TASK TO COMPLETE => Below are records to be repeated exactly. Leave their pictures behind.

[Saved data entries]

──────────────────────────────

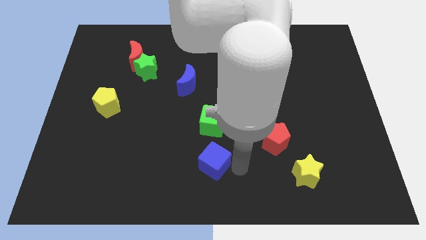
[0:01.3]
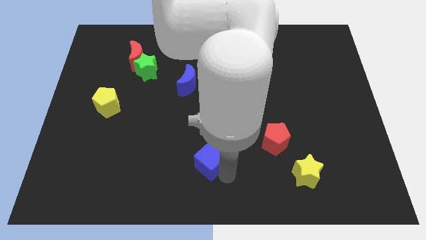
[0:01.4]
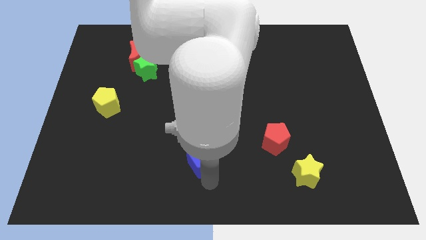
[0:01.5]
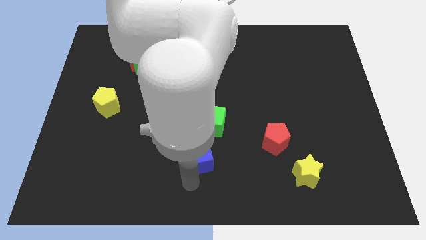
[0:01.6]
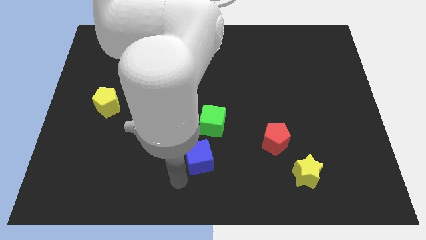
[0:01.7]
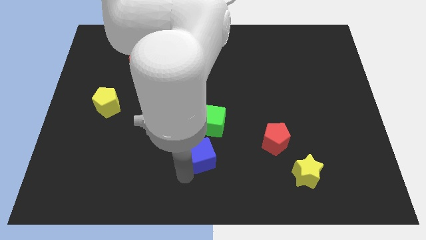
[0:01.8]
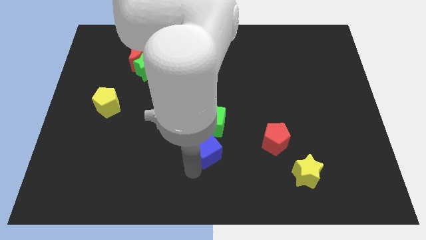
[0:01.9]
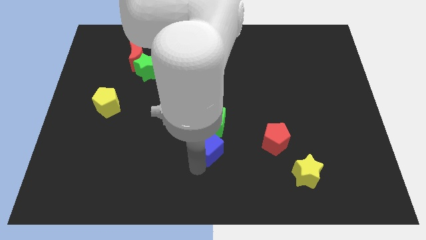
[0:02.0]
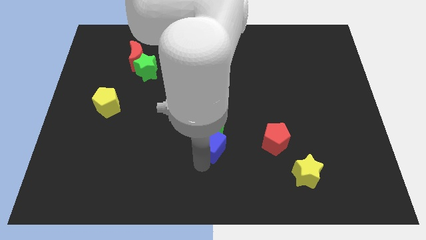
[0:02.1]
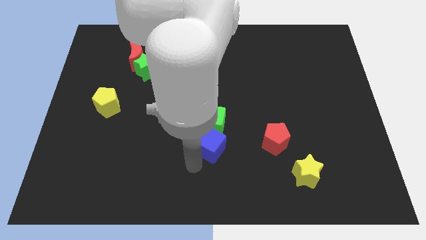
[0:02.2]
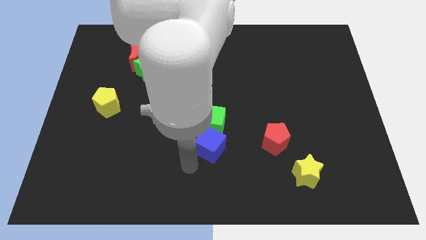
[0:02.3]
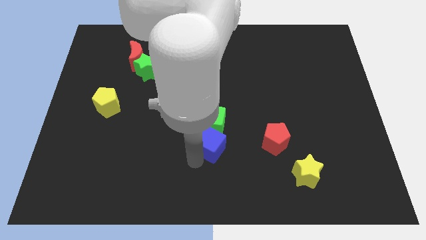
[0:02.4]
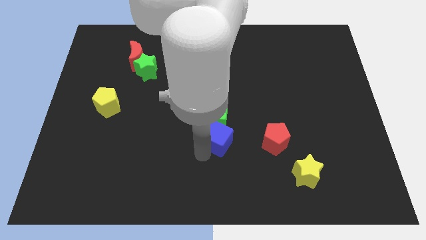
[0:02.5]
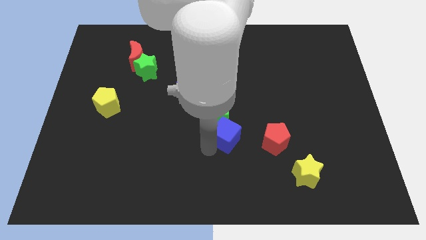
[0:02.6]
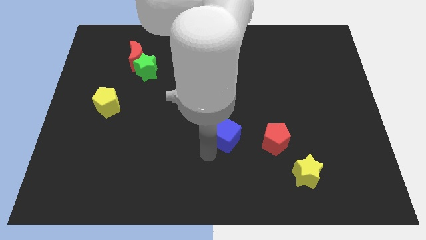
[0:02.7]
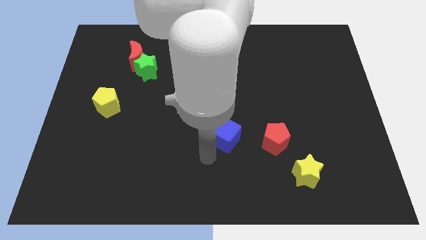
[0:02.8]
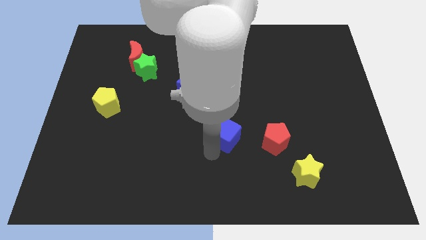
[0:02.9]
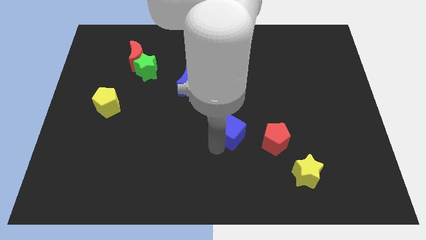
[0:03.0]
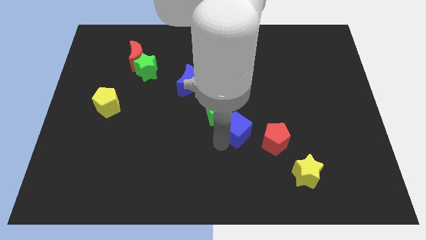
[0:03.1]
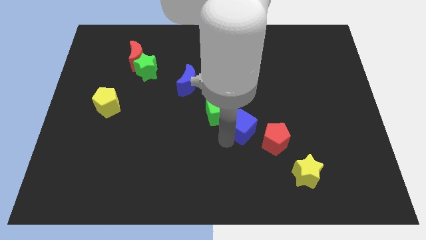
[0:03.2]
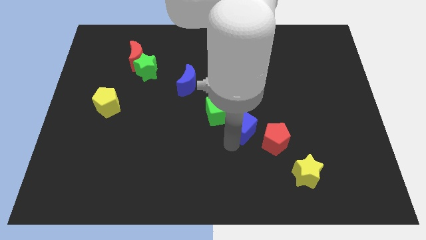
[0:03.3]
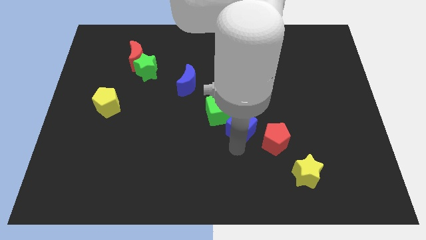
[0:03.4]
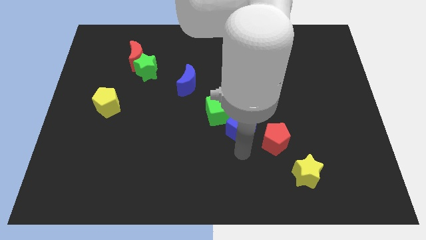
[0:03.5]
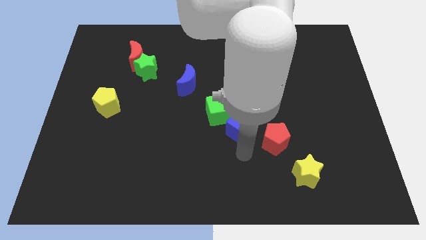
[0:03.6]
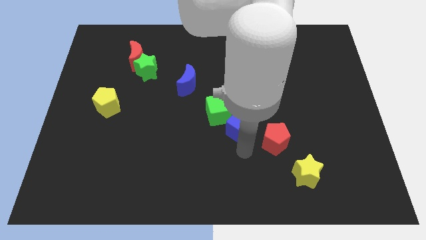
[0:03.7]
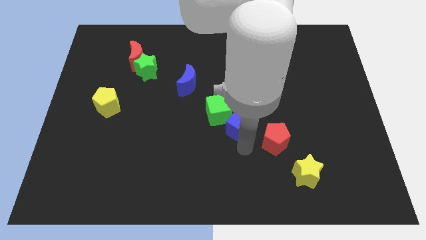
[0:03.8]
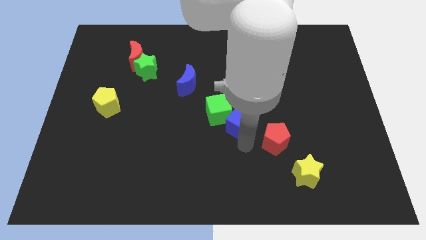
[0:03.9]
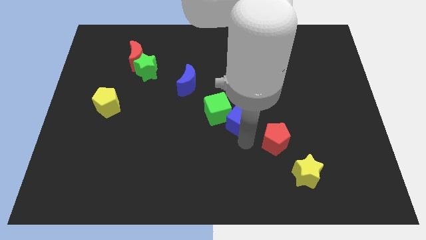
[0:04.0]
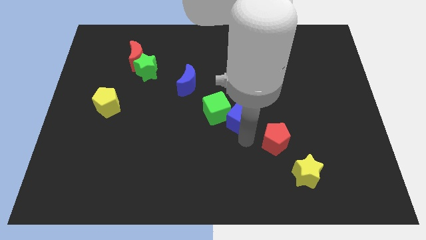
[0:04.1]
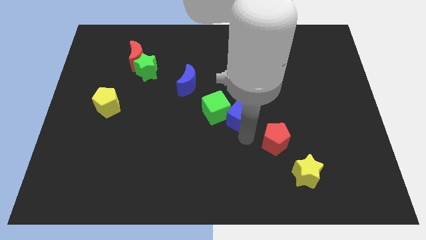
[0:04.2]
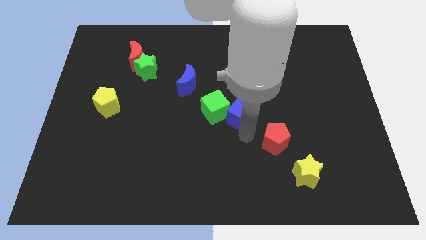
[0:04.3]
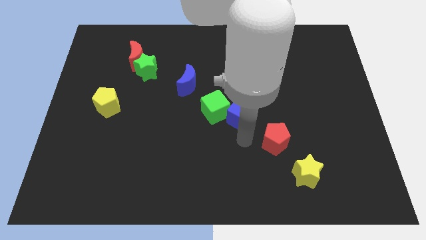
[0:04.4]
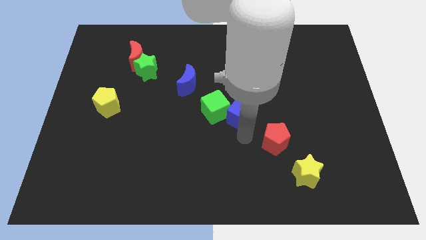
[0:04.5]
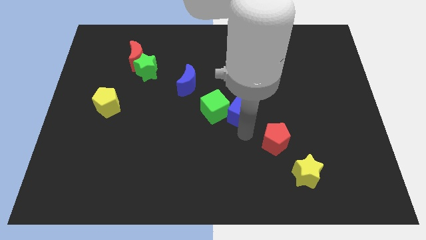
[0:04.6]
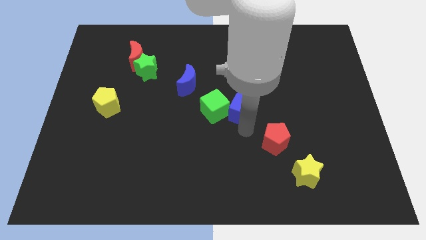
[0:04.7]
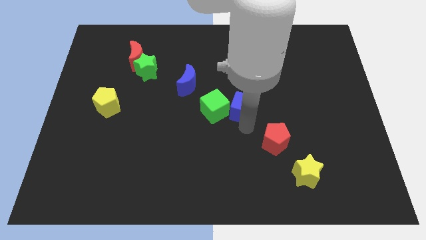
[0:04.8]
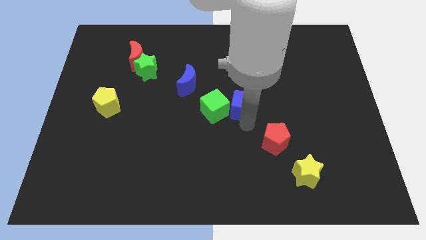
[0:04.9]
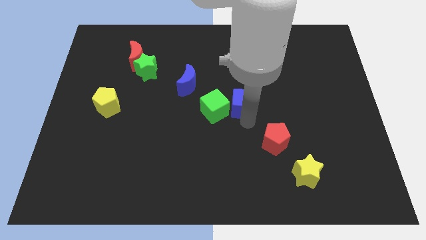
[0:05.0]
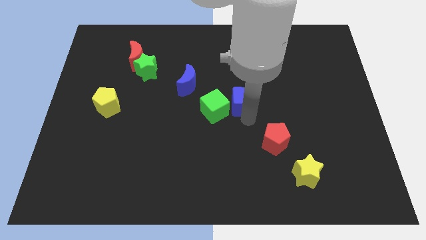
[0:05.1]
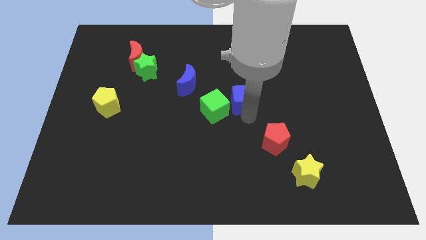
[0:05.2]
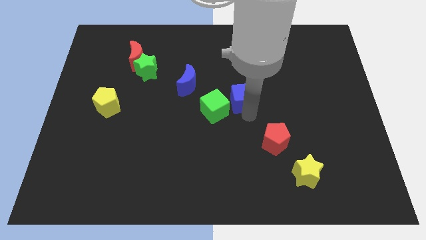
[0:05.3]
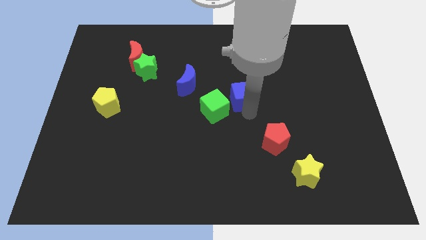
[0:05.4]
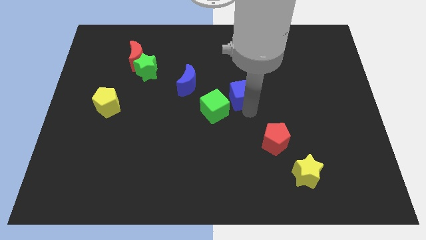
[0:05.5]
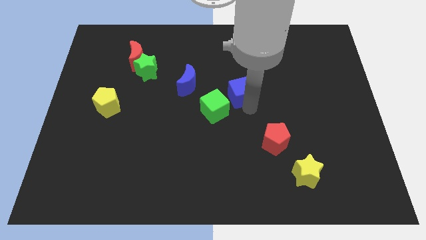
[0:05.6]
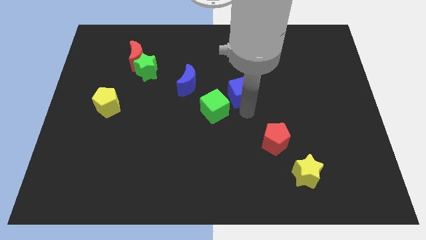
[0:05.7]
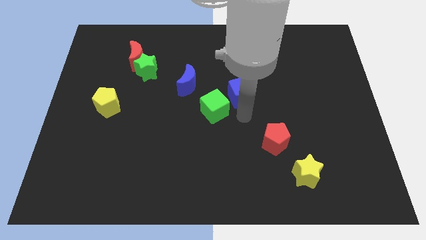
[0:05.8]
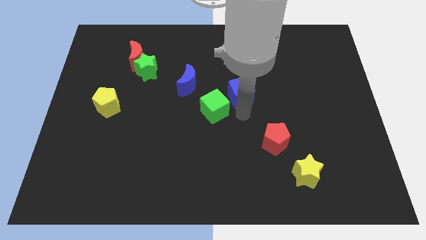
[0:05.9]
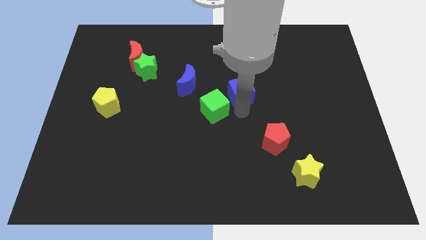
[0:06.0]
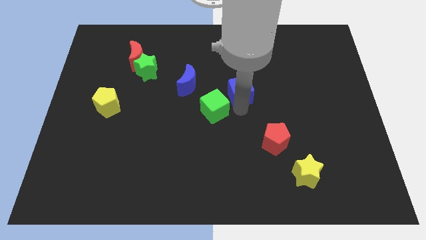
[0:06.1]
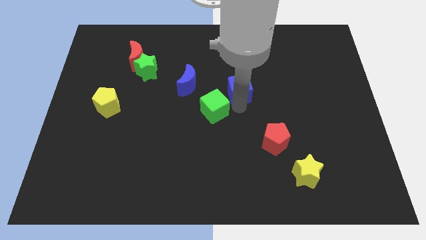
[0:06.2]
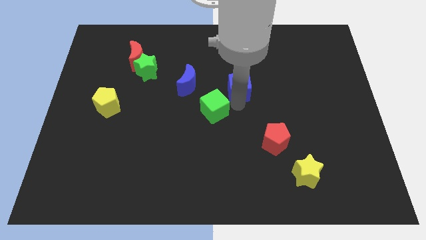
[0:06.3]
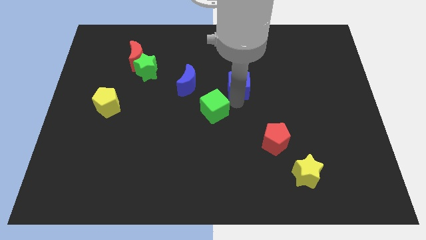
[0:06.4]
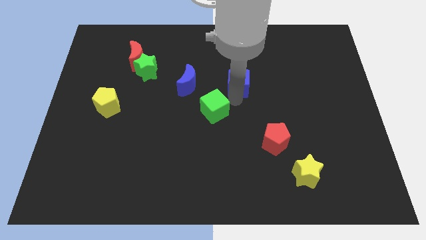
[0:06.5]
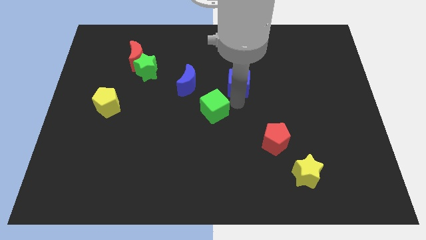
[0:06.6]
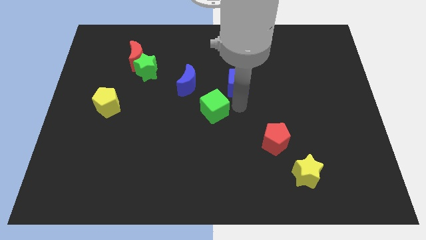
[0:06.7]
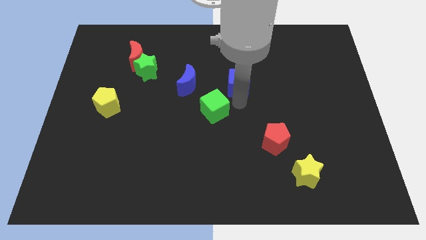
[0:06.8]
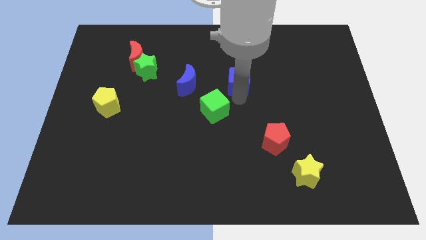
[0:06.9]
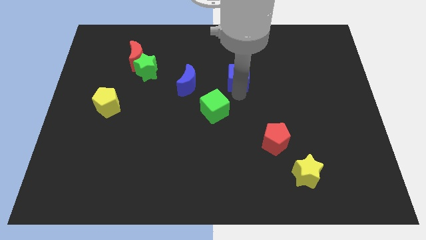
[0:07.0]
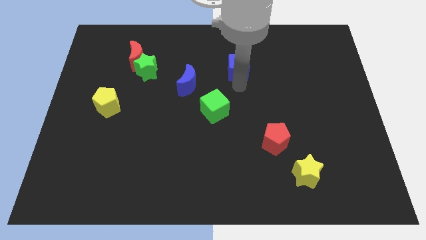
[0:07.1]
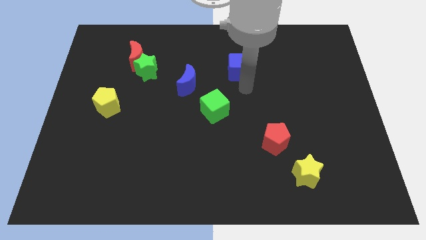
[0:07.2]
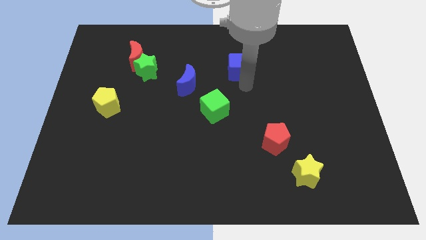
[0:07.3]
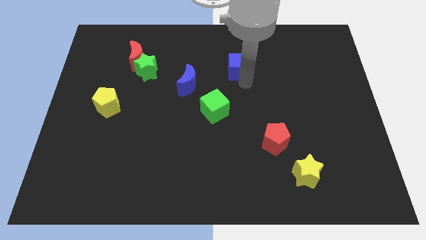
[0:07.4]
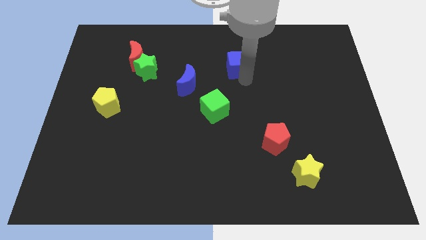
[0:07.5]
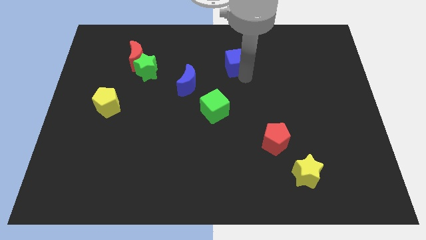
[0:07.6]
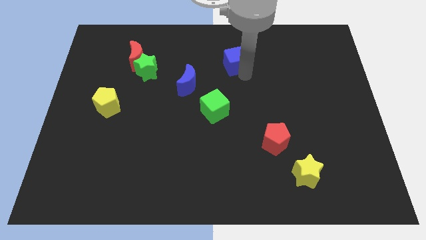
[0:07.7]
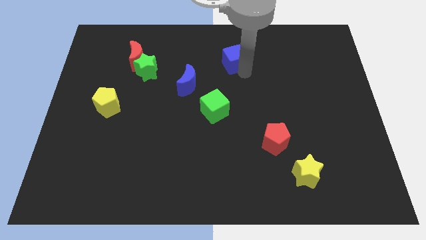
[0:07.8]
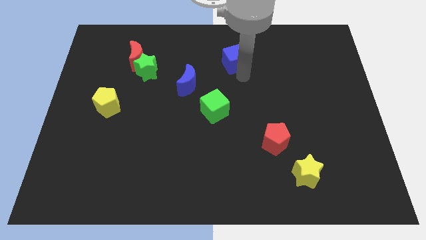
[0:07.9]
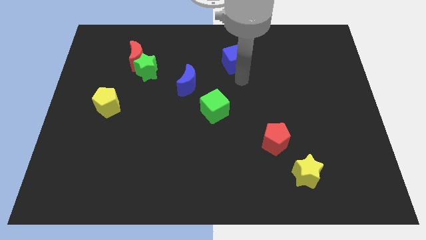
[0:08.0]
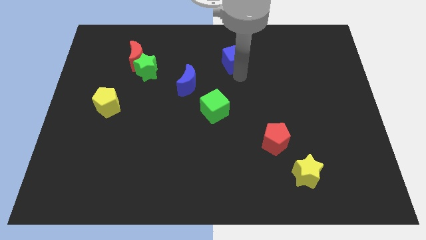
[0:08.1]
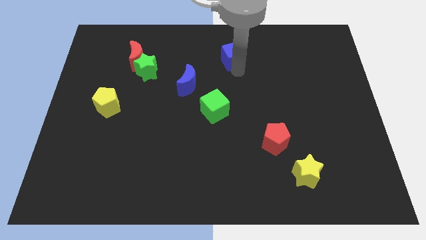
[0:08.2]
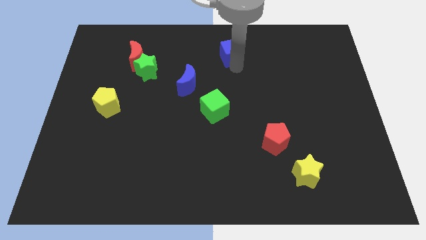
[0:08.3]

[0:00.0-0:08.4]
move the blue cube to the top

──────────────────────────────

EXERCISE SOLUTION =>
[0:01.3]
[0:01.4]
[0:01.5]
[0:01.6]
[0:01.7]
[0:01.8]
[0:01.9]
[0:02.0]
[0:02.1]
[0:02.2]
[0:02.3]
[0:02.4]
[0:02.5]
[0:02.6]
[0:02.7]
[0:02.8]
[0:02.9]
[0:03.0]
[0:03.1]
[0:03.2]
[0:03.3]
[0:03.4]
[0:03.5]
[0:03.6]
[0:03.7]
[0:03.8]
[0:03.9]
[0:04.0]
[0:04.1]
[0:04.2]
[0:04.3]
[0:04.4]
[0:04.5]
[0:04.6]
[0:04.7]
[0:04.8]
[0:04.9]
[0:05.0]
[0:05.1]
[0:05.2]
[0:05.3]
[0:05.4]
[0:05.5]
[0:05.6]
[0:05.7]
[0:05.8]
[0:05.9]
[0:06.0]
[0:06.1]
[0:06.2]
[0:06.3]
[0:06.4]
[0:06.5]
[0:06.6]
[0:06.7]
[0:06.8]
[0:06.9]
[0:07.0]
[0:07.1]
[0:07.2]
[0:07.3]
[0:07.4]
[0:07.5]
[0:07.6]
[0:07.7]
[0:07.8]
[0:07.9]
[0:08.0]
[0:08.1]
[0:08.2]
[0:08.3]

[0:00.0-0:08.4]
move the blue cube to the top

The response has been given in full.